▶ [Assigned task] Please return the data that follows precisely as written, but without the images.

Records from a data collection
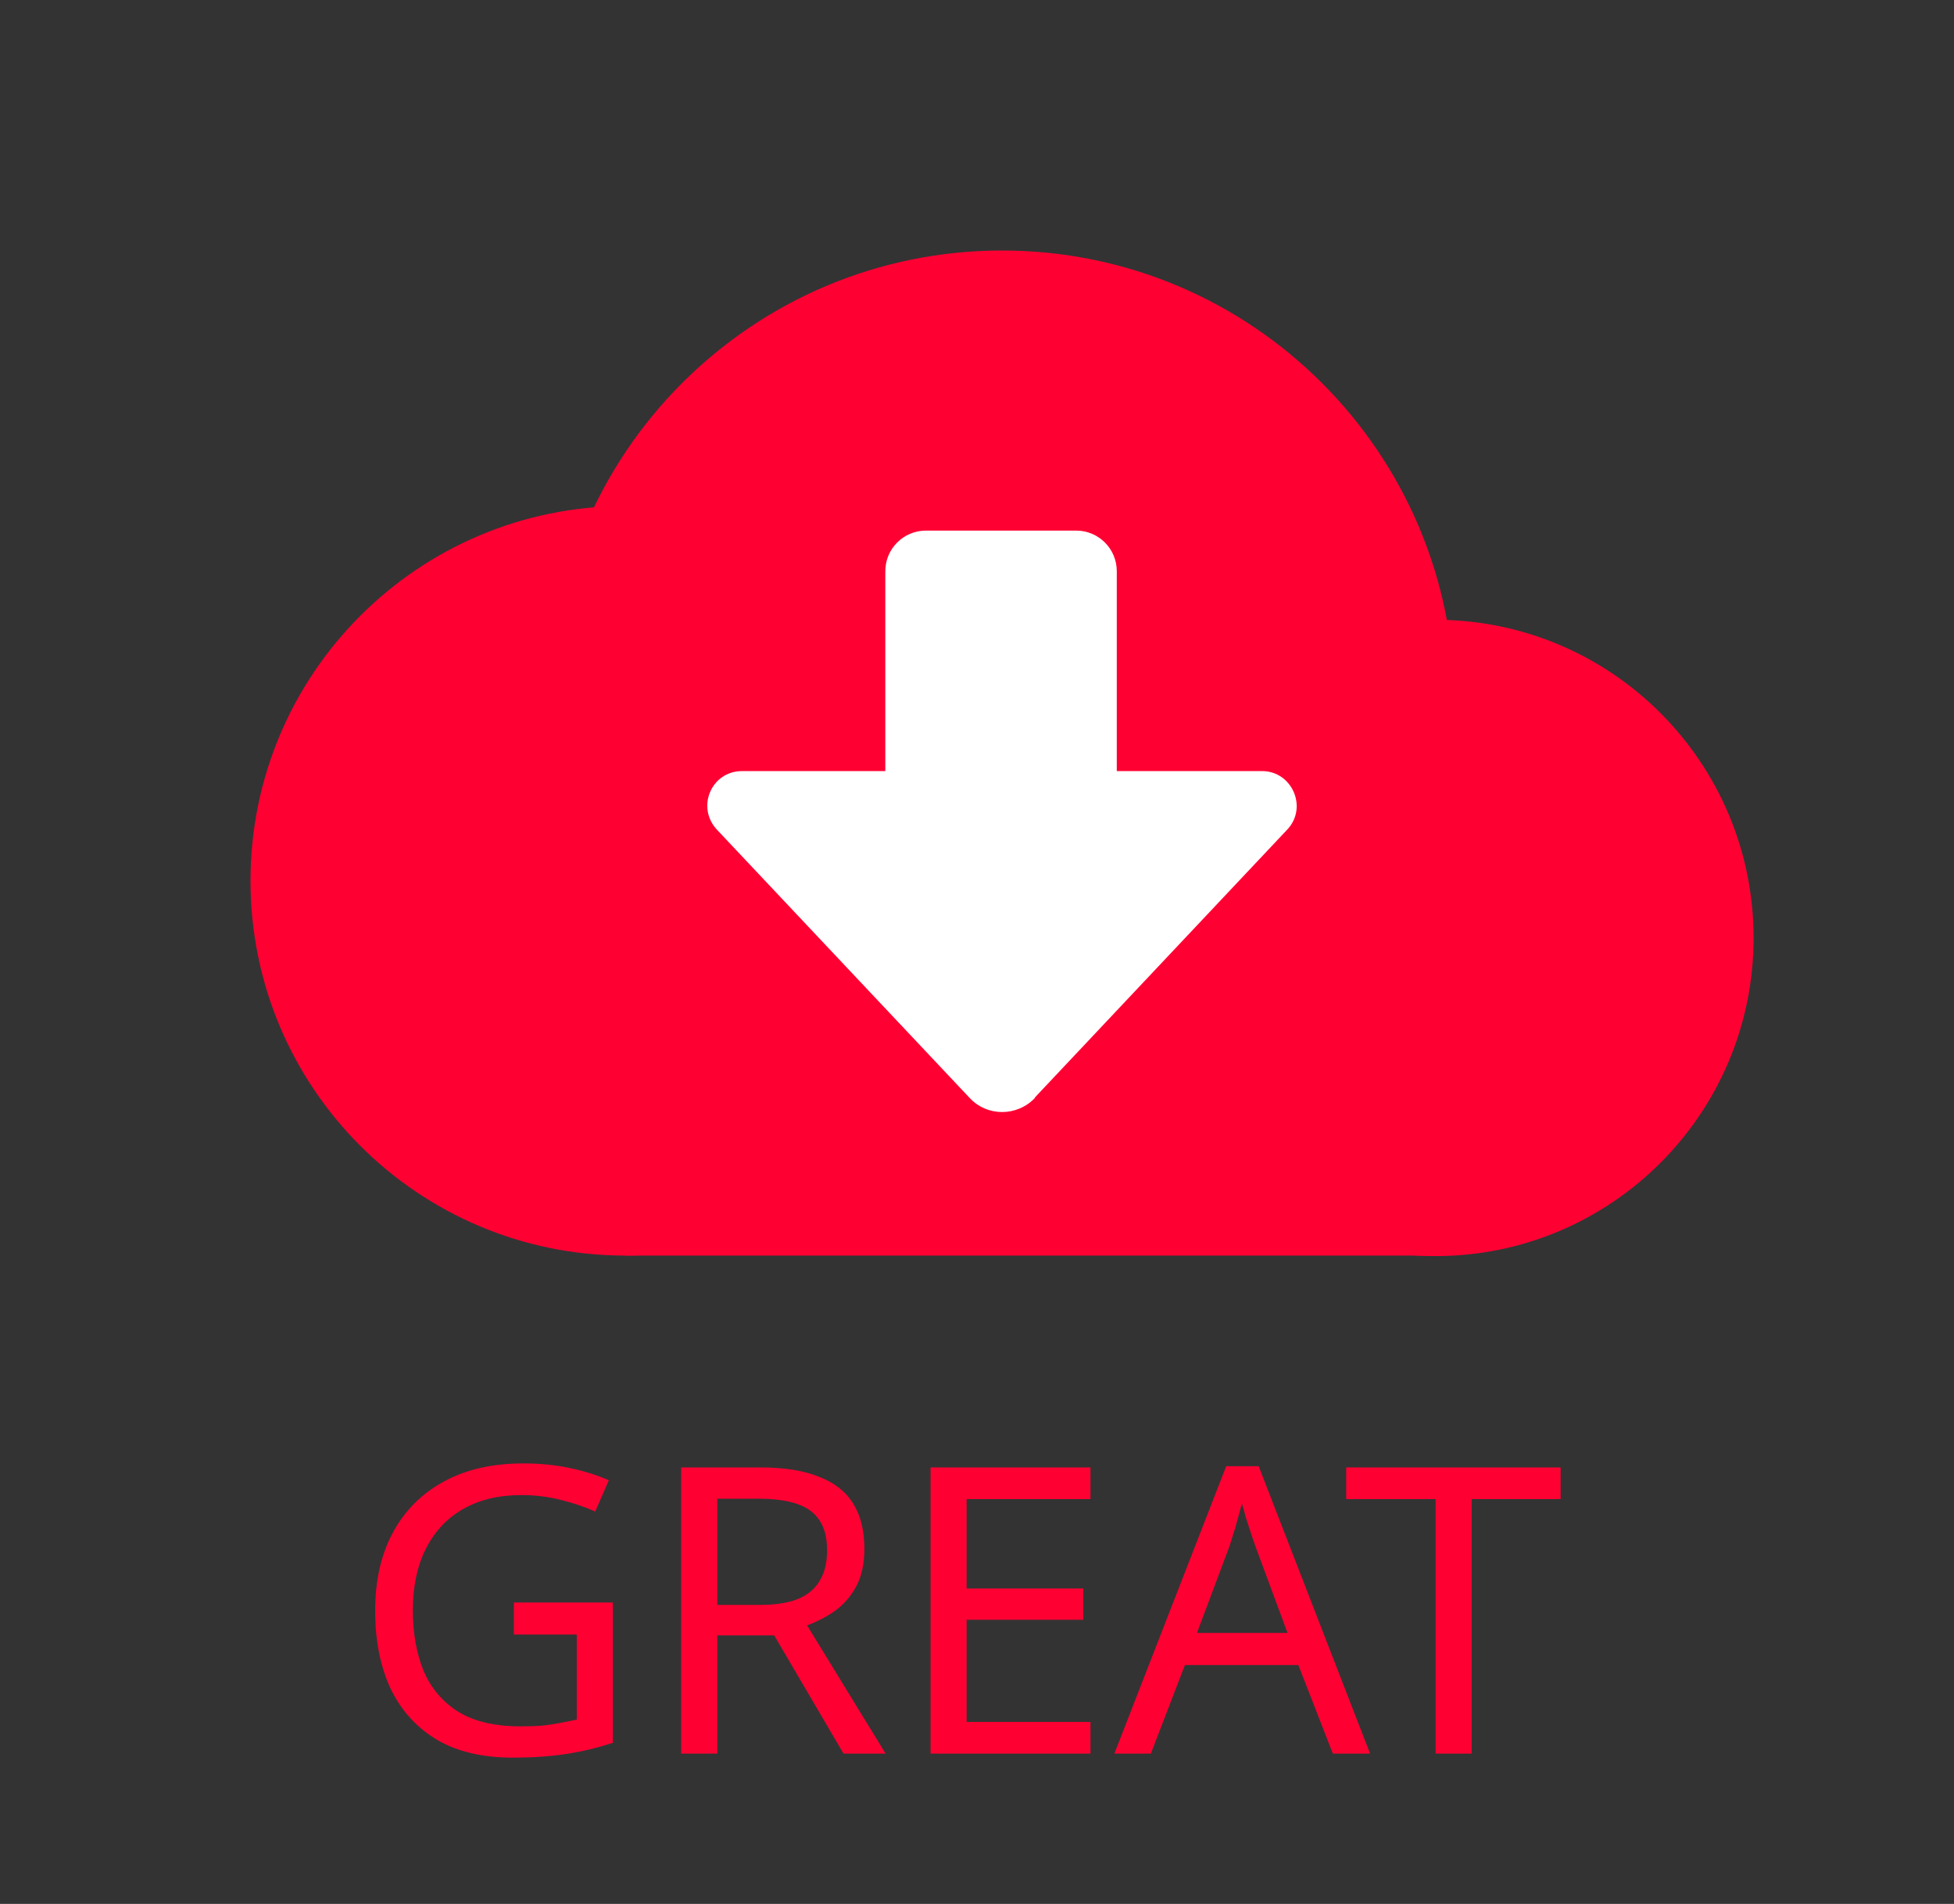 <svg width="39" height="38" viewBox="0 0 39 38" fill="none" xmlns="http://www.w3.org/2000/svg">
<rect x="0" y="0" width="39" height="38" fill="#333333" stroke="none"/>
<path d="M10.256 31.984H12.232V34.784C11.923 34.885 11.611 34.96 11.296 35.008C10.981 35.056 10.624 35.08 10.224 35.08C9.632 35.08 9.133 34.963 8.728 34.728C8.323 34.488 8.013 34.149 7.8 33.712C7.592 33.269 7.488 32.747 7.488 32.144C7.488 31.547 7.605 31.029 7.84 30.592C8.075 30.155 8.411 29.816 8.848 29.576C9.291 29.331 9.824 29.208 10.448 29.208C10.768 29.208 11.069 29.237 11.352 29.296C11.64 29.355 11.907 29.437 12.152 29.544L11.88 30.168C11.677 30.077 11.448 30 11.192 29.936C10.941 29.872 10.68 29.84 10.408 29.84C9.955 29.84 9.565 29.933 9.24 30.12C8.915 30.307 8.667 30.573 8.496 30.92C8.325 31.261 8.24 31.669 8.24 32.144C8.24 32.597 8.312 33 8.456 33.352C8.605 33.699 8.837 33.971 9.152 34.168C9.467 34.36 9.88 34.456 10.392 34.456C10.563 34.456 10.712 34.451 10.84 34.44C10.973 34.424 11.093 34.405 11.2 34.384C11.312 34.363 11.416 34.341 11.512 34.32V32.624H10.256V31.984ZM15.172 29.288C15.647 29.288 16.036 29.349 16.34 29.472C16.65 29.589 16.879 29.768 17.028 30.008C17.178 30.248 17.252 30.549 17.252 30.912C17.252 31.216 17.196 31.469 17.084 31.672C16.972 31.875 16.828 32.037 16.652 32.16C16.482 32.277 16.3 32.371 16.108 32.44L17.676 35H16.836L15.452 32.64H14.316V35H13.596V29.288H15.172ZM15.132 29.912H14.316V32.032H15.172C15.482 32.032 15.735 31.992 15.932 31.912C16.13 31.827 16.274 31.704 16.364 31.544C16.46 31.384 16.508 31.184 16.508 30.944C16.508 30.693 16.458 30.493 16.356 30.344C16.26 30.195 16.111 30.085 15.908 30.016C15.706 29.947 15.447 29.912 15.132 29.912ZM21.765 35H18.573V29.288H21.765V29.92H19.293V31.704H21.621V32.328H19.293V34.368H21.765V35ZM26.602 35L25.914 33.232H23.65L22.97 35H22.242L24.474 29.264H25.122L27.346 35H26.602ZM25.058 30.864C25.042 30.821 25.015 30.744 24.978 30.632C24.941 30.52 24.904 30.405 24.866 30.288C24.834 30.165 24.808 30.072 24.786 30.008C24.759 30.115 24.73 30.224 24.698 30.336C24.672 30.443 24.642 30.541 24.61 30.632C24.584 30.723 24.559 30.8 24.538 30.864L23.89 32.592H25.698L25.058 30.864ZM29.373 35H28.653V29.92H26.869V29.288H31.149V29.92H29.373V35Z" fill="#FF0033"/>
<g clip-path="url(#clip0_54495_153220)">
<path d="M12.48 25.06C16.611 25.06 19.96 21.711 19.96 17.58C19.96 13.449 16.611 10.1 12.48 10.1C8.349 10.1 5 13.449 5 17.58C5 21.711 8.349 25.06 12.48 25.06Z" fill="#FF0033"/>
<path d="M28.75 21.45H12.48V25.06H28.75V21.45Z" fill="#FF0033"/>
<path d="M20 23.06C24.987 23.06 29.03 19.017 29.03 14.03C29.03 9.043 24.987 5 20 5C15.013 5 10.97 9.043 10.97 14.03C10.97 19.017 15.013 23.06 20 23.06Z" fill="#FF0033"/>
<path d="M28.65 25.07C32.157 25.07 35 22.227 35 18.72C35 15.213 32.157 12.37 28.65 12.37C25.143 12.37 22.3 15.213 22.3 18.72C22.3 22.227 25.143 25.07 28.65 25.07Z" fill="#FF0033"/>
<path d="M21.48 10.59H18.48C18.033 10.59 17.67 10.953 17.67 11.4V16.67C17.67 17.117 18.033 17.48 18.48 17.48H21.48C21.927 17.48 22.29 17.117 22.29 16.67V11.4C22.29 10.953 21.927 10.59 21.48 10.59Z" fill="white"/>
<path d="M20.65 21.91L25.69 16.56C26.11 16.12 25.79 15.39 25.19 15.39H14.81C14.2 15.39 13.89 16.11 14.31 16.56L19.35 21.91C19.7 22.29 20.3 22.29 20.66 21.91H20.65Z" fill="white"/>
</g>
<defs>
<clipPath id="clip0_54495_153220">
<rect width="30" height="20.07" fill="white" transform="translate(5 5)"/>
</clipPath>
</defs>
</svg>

▶ [Exercise output]
 <svg width="39" height="38" viewBox="0 0 39 38" fill="none" xmlns="http://www.w3.org/2000/svg">
<rect x="0" y="0" width="39" height="38" fill="#333333" stroke="none"/>
<path d="M10.256 31.984H12.232V34.784C11.923 34.885 11.611 34.96 11.296 35.008C10.981 35.056 10.624 35.08 10.224 35.08C9.632 35.08 9.133 34.963 8.728 34.728C8.323 34.488 8.013 34.149 7.8 33.712C7.592 33.269 7.488 32.747 7.488 32.144C7.488 31.547 7.605 31.029 7.84 30.592C8.075 30.155 8.411 29.816 8.848 29.576C9.291 29.331 9.824 29.208 10.448 29.208C10.768 29.208 11.069 29.237 11.352 29.296C11.64 29.355 11.907 29.437 12.152 29.544L11.88 30.168C11.677 30.077 11.448 30 11.192 29.936C10.941 29.872 10.68 29.84 10.408 29.84C9.955 29.84 9.565 29.933 9.24 30.12C8.915 30.307 8.667 30.573 8.496 30.92C8.325 31.261 8.24 31.669 8.24 32.144C8.24 32.597 8.312 33 8.456 33.352C8.605 33.699 8.837 33.971 9.152 34.168C9.467 34.36 9.88 34.456 10.392 34.456C10.563 34.456 10.712 34.451 10.84 34.44C10.973 34.424 11.093 34.405 11.2 34.384C11.312 34.363 11.416 34.341 11.512 34.32V32.624H10.256V31.984ZM15.172 29.288C15.647 29.288 16.036 29.349 16.34 29.472C16.65 29.589 16.879 29.768 17.028 30.008C17.178 30.248 17.252 30.549 17.252 30.912C17.252 31.216 17.196 31.469 17.084 31.672C16.972 31.875 16.828 32.037 16.652 32.16C16.482 32.277 16.3 32.371 16.108 32.44L17.676 35H16.836L15.452 32.64H14.316V35H13.596V29.288H15.172ZM15.132 29.912H14.316V32.032H15.172C15.482 32.032 15.735 31.992 15.932 31.912C16.13 31.827 16.274 31.704 16.364 31.544C16.46 31.384 16.508 31.184 16.508 30.944C16.508 30.693 16.458 30.493 16.356 30.344C16.26 30.195 16.111 30.085 15.908 30.016C15.706 29.947 15.447 29.912 15.132 29.912ZM21.765 35H18.573V29.288H21.765V29.92H19.293V31.704H21.621V32.328H19.293V34.368H21.765V35ZM26.602 35L25.914 33.232H23.65L22.97 35H22.242L24.474 29.264H25.122L27.346 35H26.602ZM25.058 30.864C25.042 30.821 25.015 30.744 24.978 30.632C24.941 30.52 24.904 30.405 24.866 30.288C24.834 30.165 24.808 30.072 24.786 30.008C24.759 30.115 24.73 30.224 24.698 30.336C24.672 30.443 24.642 30.541 24.61 30.632C24.584 30.723 24.559 30.8 24.538 30.864L23.89 32.592H25.698L25.058 30.864ZM29.373 35H28.653V29.92H26.869V29.288H31.149V29.92H29.373V35Z" fill="#FF0033"/>
<g clip-path="url(#clip0_54495_153220)">
<path d="M12.48 25.06C16.611 25.06 19.96 21.711 19.96 17.58C19.96 13.449 16.611 10.1 12.48 10.1C8.349 10.1 5 13.449 5 17.58C5 21.711 8.349 25.06 12.48 25.06Z" fill="#FF0033"/>
<path d="M28.75 21.45H12.48V25.06H28.75V21.45Z" fill="#FF0033"/>
<path d="M20 23.06C24.987 23.06 29.03 19.017 29.03 14.03C29.03 9.043 24.987 5 20 5C15.013 5 10.97 9.043 10.97 14.03C10.97 19.017 15.013 23.06 20 23.06Z" fill="#FF0033"/>
<path d="M28.65 25.07C32.157 25.07 35 22.227 35 18.72C35 15.213 32.157 12.37 28.65 12.37C25.143 12.37 22.3 15.213 22.3 18.72C22.3 22.227 25.143 25.07 28.65 25.07Z" fill="#FF0033"/>
<path d="M21.48 10.59H18.48C18.033 10.59 17.67 10.953 17.67 11.4V16.67C17.67 17.117 18.033 17.48 18.48 17.48H21.48C21.927 17.48 22.29 17.117 22.29 16.67V11.4C22.29 10.953 21.927 10.59 21.48 10.59Z" fill="white"/>
<path d="M20.65 21.91L25.69 16.56C26.11 16.12 25.79 15.39 25.19 15.39H14.81C14.2 15.39 13.89 16.11 14.31 16.56L19.35 21.91C19.7 22.29 20.3 22.29 20.66 21.91H20.65Z" fill="white"/>
</g>
<defs>
<clipPath id="clip0_54495_153220">
<rect width="30" height="20.07" fill="white" transform="translate(5 5)"/>
</clipPath>
</defs>
</svg>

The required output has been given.